Work order:
Every entry in the data below needs to be repeated exactly.

*** Exercise input Section Begins ***

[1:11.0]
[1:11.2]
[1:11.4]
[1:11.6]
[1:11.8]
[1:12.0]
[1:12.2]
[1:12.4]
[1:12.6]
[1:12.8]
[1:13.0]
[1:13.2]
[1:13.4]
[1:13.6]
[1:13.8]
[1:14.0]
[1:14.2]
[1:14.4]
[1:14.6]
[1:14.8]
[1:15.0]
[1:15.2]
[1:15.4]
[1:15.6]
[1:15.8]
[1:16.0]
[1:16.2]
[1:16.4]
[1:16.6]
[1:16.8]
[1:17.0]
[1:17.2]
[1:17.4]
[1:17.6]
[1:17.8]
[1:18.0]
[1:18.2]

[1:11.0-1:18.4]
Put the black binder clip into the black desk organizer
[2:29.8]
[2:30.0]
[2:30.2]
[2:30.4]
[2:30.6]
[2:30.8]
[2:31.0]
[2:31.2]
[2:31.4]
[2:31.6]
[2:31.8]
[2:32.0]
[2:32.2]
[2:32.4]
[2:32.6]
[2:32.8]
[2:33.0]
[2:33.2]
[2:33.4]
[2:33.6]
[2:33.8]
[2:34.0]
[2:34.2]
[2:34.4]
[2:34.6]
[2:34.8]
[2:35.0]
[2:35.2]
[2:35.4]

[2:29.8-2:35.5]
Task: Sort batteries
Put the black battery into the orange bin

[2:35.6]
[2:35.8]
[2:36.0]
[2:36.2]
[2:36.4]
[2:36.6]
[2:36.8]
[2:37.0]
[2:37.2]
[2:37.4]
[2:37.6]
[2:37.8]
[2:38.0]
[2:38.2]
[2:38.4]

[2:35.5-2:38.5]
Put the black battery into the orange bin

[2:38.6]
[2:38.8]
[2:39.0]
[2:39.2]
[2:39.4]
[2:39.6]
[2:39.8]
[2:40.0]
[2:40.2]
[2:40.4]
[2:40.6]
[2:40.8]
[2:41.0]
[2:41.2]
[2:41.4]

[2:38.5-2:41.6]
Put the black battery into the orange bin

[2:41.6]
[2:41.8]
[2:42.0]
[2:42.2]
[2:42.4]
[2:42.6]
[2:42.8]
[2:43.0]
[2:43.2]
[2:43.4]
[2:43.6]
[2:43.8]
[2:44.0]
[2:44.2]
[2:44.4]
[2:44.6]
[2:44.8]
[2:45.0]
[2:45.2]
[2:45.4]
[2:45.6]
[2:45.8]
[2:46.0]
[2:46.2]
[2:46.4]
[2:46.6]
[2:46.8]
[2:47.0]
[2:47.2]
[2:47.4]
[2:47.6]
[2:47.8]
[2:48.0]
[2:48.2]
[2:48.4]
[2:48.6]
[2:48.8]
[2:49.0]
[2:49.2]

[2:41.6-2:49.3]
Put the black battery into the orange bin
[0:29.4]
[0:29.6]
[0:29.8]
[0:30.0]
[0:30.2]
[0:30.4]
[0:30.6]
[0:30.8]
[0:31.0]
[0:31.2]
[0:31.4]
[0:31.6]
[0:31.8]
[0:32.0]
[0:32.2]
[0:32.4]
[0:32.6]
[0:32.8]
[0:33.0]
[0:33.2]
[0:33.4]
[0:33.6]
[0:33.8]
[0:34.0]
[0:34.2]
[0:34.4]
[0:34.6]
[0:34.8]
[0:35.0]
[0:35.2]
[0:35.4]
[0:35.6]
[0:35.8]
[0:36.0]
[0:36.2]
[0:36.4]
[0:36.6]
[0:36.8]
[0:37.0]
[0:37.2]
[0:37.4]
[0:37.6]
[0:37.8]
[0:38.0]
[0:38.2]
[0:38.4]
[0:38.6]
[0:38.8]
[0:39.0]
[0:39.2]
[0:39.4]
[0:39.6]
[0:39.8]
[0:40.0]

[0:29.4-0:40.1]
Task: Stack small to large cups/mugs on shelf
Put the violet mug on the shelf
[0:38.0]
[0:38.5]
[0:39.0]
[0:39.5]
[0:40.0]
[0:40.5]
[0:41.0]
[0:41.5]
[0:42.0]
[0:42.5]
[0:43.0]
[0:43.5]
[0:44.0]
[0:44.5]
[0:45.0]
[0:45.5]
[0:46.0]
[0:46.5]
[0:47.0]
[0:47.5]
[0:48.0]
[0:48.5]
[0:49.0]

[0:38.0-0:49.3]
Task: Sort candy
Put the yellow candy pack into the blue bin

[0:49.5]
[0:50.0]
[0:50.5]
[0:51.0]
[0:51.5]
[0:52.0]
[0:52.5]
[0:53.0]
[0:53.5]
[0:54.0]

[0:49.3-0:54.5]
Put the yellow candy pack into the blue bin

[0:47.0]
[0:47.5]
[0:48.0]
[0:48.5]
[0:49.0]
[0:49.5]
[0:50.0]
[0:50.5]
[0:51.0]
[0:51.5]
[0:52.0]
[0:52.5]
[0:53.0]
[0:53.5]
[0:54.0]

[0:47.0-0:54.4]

*** Exercise input Section Ends ***

Result:
[1:11.0]
[1:11.2]
[1:11.4]
[1:11.6]
[1:11.8]
[1:12.0]
[1:12.2]
[1:12.4]
[1:12.6]
[1:12.8]
[1:13.0]
[1:13.2]
[1:13.4]
[1:13.6]
[1:13.8]
[1:14.0]
[1:14.2]
[1:14.4]
[1:14.6]
[1:14.8]
[1:15.0]
[1:15.2]
[1:15.4]
[1:15.6]
[1:15.8]
[1:16.0]
[1:16.2]
[1:16.4]
[1:16.6]
[1:16.8]
[1:17.0]
[1:17.2]
[1:17.4]
[1:17.6]
[1:17.8]
[1:18.0]
[1:18.2]

[1:11.0-1:18.4]
Put the black binder clip into the black desk organizer
[2:29.8]
[2:30.0]
[2:30.2]
[2:30.4]
[2:30.6]
[2:30.8]
[2:31.0]
[2:31.2]
[2:31.4]
[2:31.6]
[2:31.8]
[2:32.0]
[2:32.2]
[2:32.4]
[2:32.6]
[2:32.8]
[2:33.0]
[2:33.2]
[2:33.4]
[2:33.6]
[2:33.8]
[2:34.0]
[2:34.2]
[2:34.4]
[2:34.6]
[2:34.8]
[2:35.0]
[2:35.2]
[2:35.4]

[2:29.8-2:35.5]
Task: Sort batteries
Put the black battery into the orange bin

[2:35.6]
[2:35.8]
[2:36.0]
[2:36.2]
[2:36.4]
[2:36.6]
[2:36.8]
[2:37.0]
[2:37.2]
[2:37.4]
[2:37.6]
[2:37.8]
[2:38.0]
[2:38.2]
[2:38.4]

[2:35.5-2:38.5]
Put the black battery into the orange bin

[2:38.6]
[2:38.8]
[2:39.0]
[2:39.2]
[2:39.4]
[2:39.6]
[2:39.8]
[2:40.0]
[2:40.2]
[2:40.4]
[2:40.6]
[2:40.8]
[2:41.0]
[2:41.2]
[2:41.4]

[2:38.5-2:41.6]
Put the black battery into the orange bin

[2:41.6]
[2:41.8]
[2:42.0]
[2:42.2]
[2:42.4]
[2:42.6]
[2:42.8]
[2:43.0]
[2:43.2]
[2:43.4]
[2:43.6]
[2:43.8]
[2:44.0]
[2:44.2]
[2:44.4]
[2:44.6]
[2:44.8]
[2:45.0]
[2:45.2]
[2:45.4]
[2:45.6]
[2:45.8]
[2:46.0]
[2:46.2]
[2:46.4]
[2:46.6]
[2:46.8]
[2:47.0]
[2:47.2]
[2:47.4]
[2:47.6]
[2:47.8]
[2:48.0]
[2:48.2]
[2:48.4]
[2:48.6]
[2:48.8]
[2:49.0]
[2:49.2]

[2:41.6-2:49.3]
Put the black battery into the orange bin
[0:29.4]
[0:29.6]
[0:29.8]
[0:30.0]
[0:30.2]
[0:30.4]
[0:30.6]
[0:30.8]
[0:31.0]
[0:31.2]
[0:31.4]
[0:31.6]
[0:31.8]
[0:32.0]
[0:32.2]
[0:32.4]
[0:32.6]
[0:32.8]
[0:33.0]
[0:33.2]
[0:33.4]
[0:33.6]
[0:33.8]
[0:34.0]
[0:34.2]
[0:34.4]
[0:34.6]
[0:34.8]
[0:35.0]
[0:35.2]
[0:35.4]
[0:35.6]
[0:35.8]
[0:36.0]
[0:36.2]
[0:36.4]
[0:36.6]
[0:36.8]
[0:37.0]
[0:37.2]
[0:37.4]
[0:37.6]
[0:37.8]
[0:38.0]
[0:38.2]
[0:38.4]
[0:38.6]
[0:38.8]
[0:39.0]
[0:39.2]
[0:39.4]
[0:39.6]
[0:39.8]
[0:40.0]

[0:29.4-0:40.1]
Task: Stack small to large cups/mugs on shelf
Put the violet mug on the shelf
[0:38.0]
[0:38.5]
[0:39.0]
[0:39.5]
[0:40.0]
[0:40.5]
[0:41.0]
[0:41.5]
[0:42.0]
[0:42.5]
[0:43.0]
[0:43.5]
[0:44.0]
[0:44.5]
[0:45.0]
[0:45.5]
[0:46.0]
[0:46.5]
[0:47.0]
[0:47.5]
[0:48.0]
[0:48.5]
[0:49.0]

[0:38.0-0:49.3]
Task: Sort candy
Put the yellow candy pack into the blue bin

[0:49.5]
[0:50.0]
[0:50.5]
[0:51.0]
[0:51.5]
[0:52.0]
[0:52.5]
[0:53.0]
[0:53.5]
[0:54.0]

[0:49.3-0:54.5]
Put the yellow candy pack into the blue bin

[0:47.0]
[0:47.5]
[0:48.0]
[0:48.5]
[0:49.0]
[0:49.5]
[0:50.0]
[0:50.5]
[0:51.0]
[0:51.5]
[0:52.0]
[0:52.5]
[0:53.0]
[0:53.5]
[0:54.0]

[0:47.0-0:54.4]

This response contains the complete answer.